Assigned task. Give back the line below containing "The purple rubber cube spins." and every later line, exactly.

Segment Start: Excerpted records

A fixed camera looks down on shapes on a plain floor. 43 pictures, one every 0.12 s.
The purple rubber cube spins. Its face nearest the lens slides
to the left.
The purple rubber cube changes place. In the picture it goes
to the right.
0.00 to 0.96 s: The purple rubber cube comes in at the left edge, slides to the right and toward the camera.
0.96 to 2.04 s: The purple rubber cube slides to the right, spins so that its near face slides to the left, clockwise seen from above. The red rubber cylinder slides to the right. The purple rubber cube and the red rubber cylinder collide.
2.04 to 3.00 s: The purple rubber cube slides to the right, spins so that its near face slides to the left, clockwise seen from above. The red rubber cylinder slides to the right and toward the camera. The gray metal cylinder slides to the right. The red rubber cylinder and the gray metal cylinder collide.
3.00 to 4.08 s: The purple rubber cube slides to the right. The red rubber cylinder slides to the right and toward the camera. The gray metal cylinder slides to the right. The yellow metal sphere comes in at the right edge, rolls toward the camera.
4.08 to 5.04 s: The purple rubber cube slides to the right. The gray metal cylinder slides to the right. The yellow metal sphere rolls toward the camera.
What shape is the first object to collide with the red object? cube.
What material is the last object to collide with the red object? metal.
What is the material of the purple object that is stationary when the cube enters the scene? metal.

Segment End: Excerpted records

Result of the exercise.
The purple rubber cube spins. Its face nearest the lens slides
to the left.
The purple rubber cube changes place. In the picture it goes
to the right.
0.00 to 0.96 s: The purple rubber cube comes in at the left edge, slides to the right and toward the camera.
0.96 to 2.04 s: The purple rubber cube slides to the right, spins so that its near face slides to the left, clockwise seen from above. The red rubber cylinder slides to the right. The purple rubber cube and the red rubber cylinder collide.
2.04 to 3.00 s: The purple rubber cube slides to the right, spins so that its near face slides to the left, clockwise seen from above. The red rubber cylinder slides to the right and toward the camera. The gray metal cylinder slides to the right. The red rubber cylinder and the gray metal cylinder collide.
3.00 to 4.08 s: The purple rubber cube slides to the right. The red rubber cylinder slides to the right and toward the camera. The gray metal cylinder slides to the right. The yellow metal sphere comes in at the right edge, rolls toward the camera.
4.08 to 5.04 s: The purple rubber cube slides to the right. The gray metal cylinder slides to the right. The yellow metal sphere rolls toward the camera.
What shape is the first object to collide with the red object? cube.
What material is the last object to collide with the red object? metal.
What is the material of the purple object that is stationary when the cube enters the scene? metal.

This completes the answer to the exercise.